SUPPLIED RECORDS -
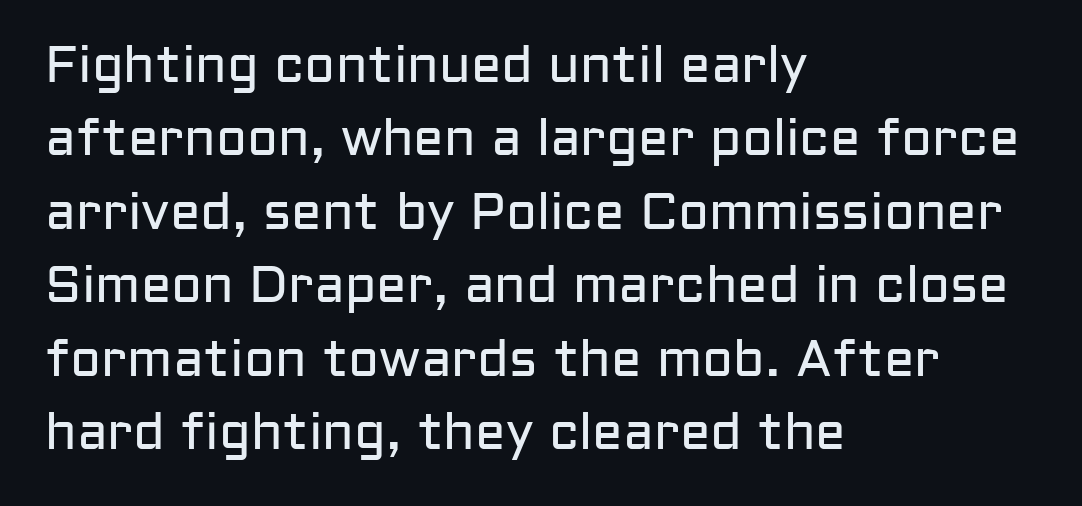
Q: Is the text bold? A: No.
Q: Is the text italic (slanted)? A: No, it is upright.
Q: Is the typeface a serif or a sans-serif typeface? A: Sans-serif.
Q: Is the text underlined? A: No.
Q: How is the paragraph aligned? A: Left-aligned.
Q: Is the spacing between letters normal or unusually wide? A: Normal.
Q: Is the spacing between lines tight, normal or loose? A: Normal.
Q: Width (condensed, normal, or wide)? A: Normal.
Q: Stroke contrast? A: Low.
Q: x-height? A: Medium.
Q: Monospaced? A: No.
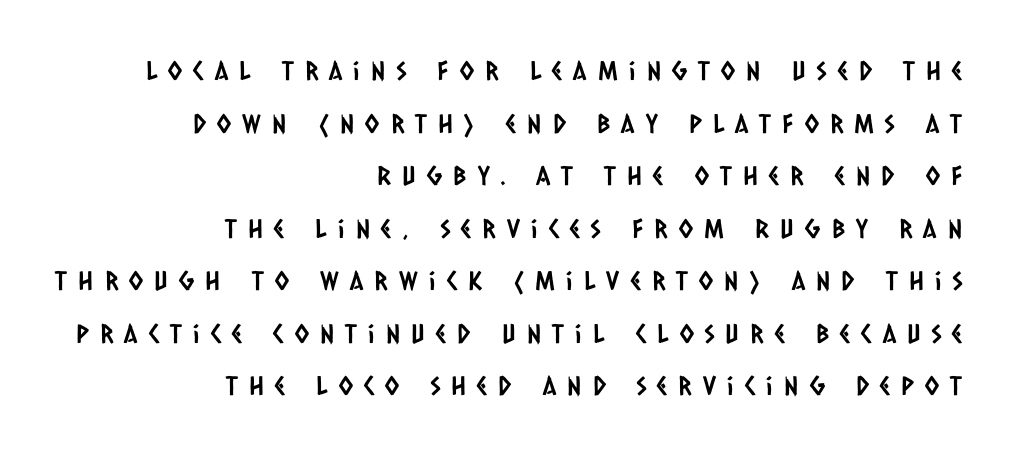
Short and long lines alike share a common ending point at right. Horizontal bands of white between lines are thick stripes. Decoration check: the copy has no underline. Tracking here is generous; glyphs stand well apart from one another.
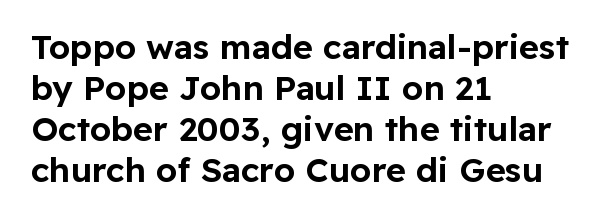
The setting favours the left margin, as ordinary paragraphs usually do. Here the designer chose a conventional face with non-uniform glyph widths. The letters stand upright; this is a roman face. Classification — sans serif. Tracking value appears to be zero — textbook default spacing.
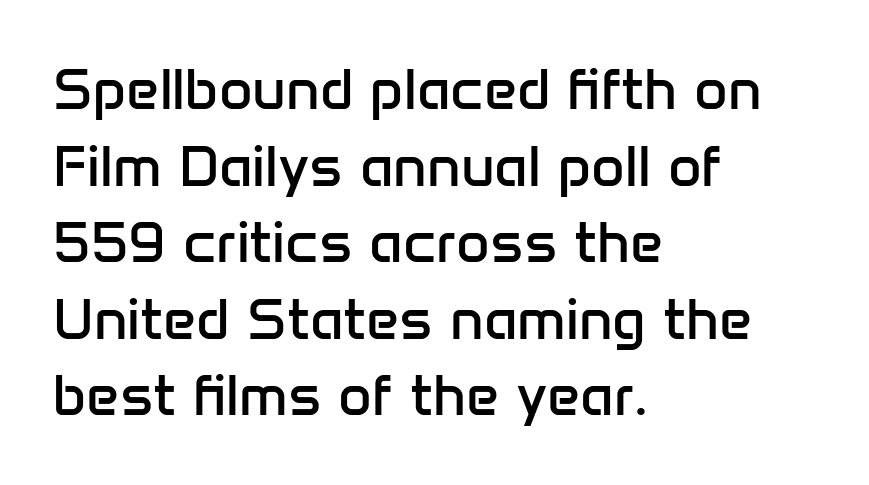
Q: Is the text bold? A: No.
Q: Is the text italic (slanted)? A: No, it is upright.
Q: Is the typeface a serif or a sans-serif typeface? A: Sans-serif.
Q: Is the text underlined? A: No.
Q: How is the paragraph aligned? A: Left-aligned.
Q: Is the spacing between letters normal or unusually wide? A: Normal.
Q: Is the spacing between lines tight, normal or loose? A: Normal.
Q: Width (condensed, normal, or wide)? A: Normal.
Q: Stroke contrast? A: Low.
Q: x-height? A: Medium.
Q: Monospaced? A: No.
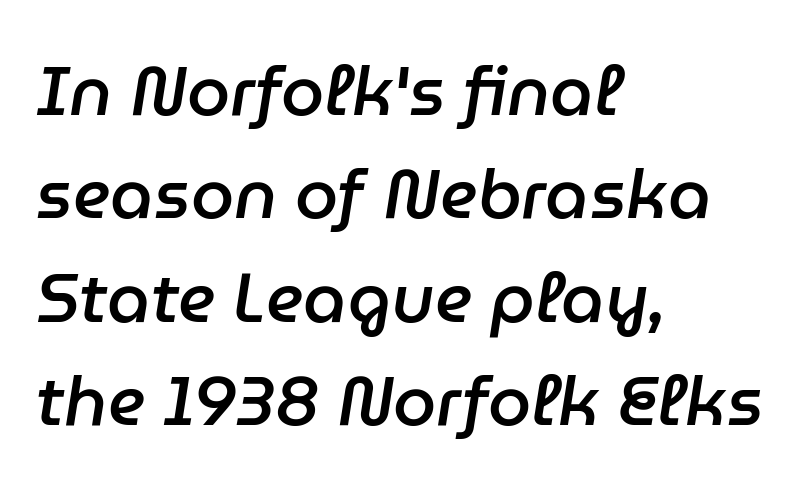
Underlining? Definitely not there. Looking at the ascenders, they clearly lean. Horizontal alignment here is leftward, the default for most running prose. The passage shown is semibold, sitting just below true bold.
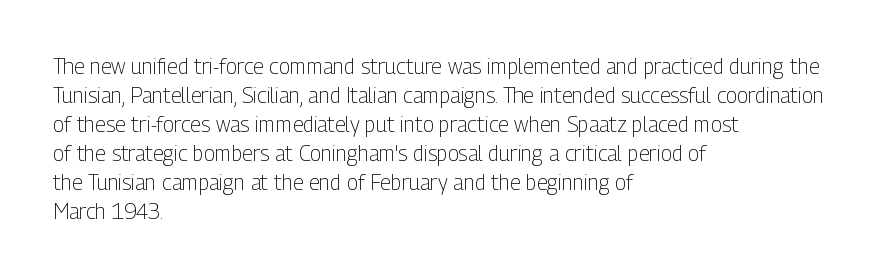
{"italic": "no", "bold": "no", "underline": "no", "align": "left", "line_spacing": "normal", "line_spacing_ratio": 1.38, "letter_spacing": "normal", "letter_spacing_em": 0.0, "glyph_px": 21}
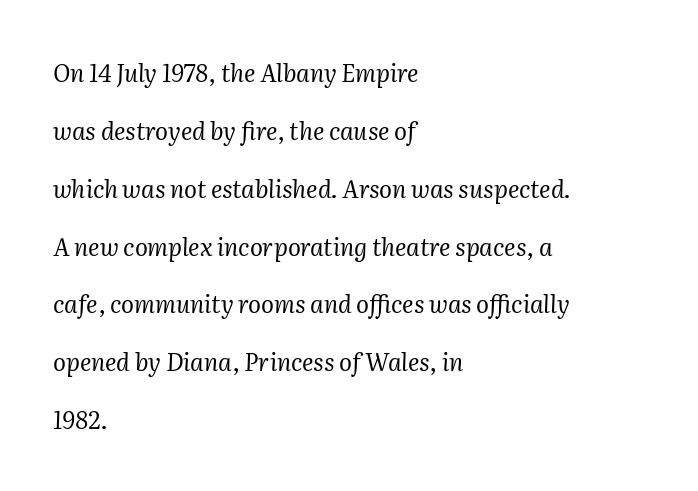
Designer's note — italics engaged. These lines are set flush left with a ragged right edge. The baseline area is clear. Compared with typical paragraphs, the rows here are farther apart.
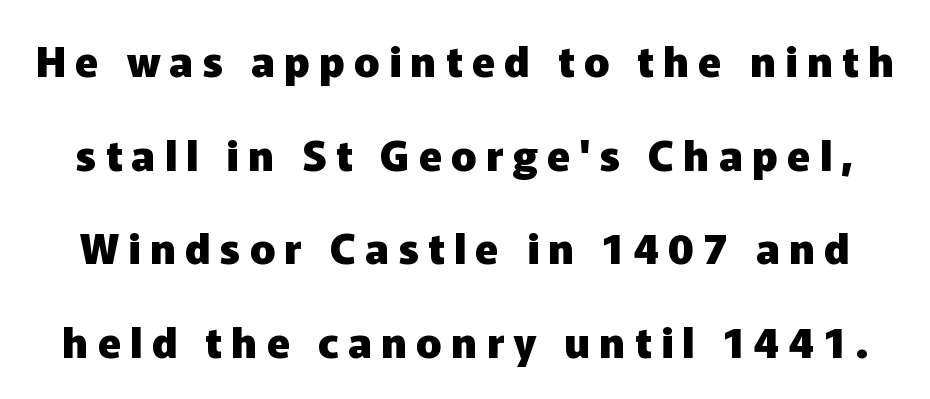
{"serif": "no", "italic": "no", "bold": "yes", "weight": "heavy", "width": "normal", "stroke_contrast": "low", "x_height": "medium", "monospaced": "no", "underline": "no", "line_spacing": "loose", "line_spacing_ratio": 2.23, "letter_spacing": "wide", "letter_spacing_em": 0.22, "glyph_px": 42}

EXERCISE REQUIREMENTS - Retype all of the material above exactly; the pictures stay out.

ANSWER BOX -
Q: Is the text bold? A: No.
Q: Is the text italic (slanted)? A: No, it is upright.
Q: Is the typeface a serif or a sans-serif typeface? A: Sans-serif.
Q: Is the text underlined? A: No.
Q: How is the paragraph aligned? A: Left-aligned.
Q: Is the spacing between letters normal or unusually wide? A: Normal.
Q: Is the spacing between lines tight, normal or loose? A: Normal.
Q: Width (condensed, normal, or wide)? A: Normal.
Q: Stroke contrast? A: Low.
Q: x-height? A: Medium.
Q: Monospaced? A: No.
Short and long lines alike share a common ending point at right. Horizontal bands of white between lines are thick stripes. Decoration check: the copy has no underline. Tracking here is generous; glyphs stand well apart from one another.
The setting favours the left margin, as ordinary paragraphs usually do. Here the designer chose a conventional face with non-uniform glyph widths. The letters stand upright; this is a roman face. Classification — sans serif. Tracking value appears to be zero — textbook default spacing.
Q: Is the text bold? A: No.
Q: Is the text italic (slanted)? A: No, it is upright.
Q: Is the typeface a serif or a sans-serif typeface? A: Sans-serif.
Q: Is the text underlined? A: No.
Q: How is the paragraph aligned? A: Left-aligned.
Q: Is the spacing between letters normal or unusually wide? A: Normal.
Q: Is the spacing between lines tight, normal or loose? A: Normal.
Q: Width (condensed, normal, or wide)? A: Normal.
Q: Stroke contrast? A: Low.
Q: x-height? A: Medium.
Q: Monospaced? A: No.
Underlining? Definitely not there. Looking at the ascenders, they clearly lean. Horizontal alignment here is leftward, the default for most running prose. The passage shown is semibold, sitting just below true bold.
{"italic": "no", "bold": "no", "underline": "no", "align": "left", "line_spacing": "normal", "line_spacing_ratio": 1.38, "letter_spacing": "normal", "letter_spacing_em": 0.0, "glyph_px": 21}
Designer's note — italics engaged. These lines are set flush left with a ragged right edge. The baseline area is clear. Compared with typical paragraphs, the rows here are farther apart.
{"serif": "no", "italic": "no", "bold": "yes", "weight": "heavy", "width": "normal", "stroke_contrast": "low", "x_height": "medium", "monospaced": "no", "underline": "no", "line_spacing": "loose", "line_spacing_ratio": 2.23, "letter_spacing": "wide", "letter_spacing_em": 0.22, "glyph_px": 42}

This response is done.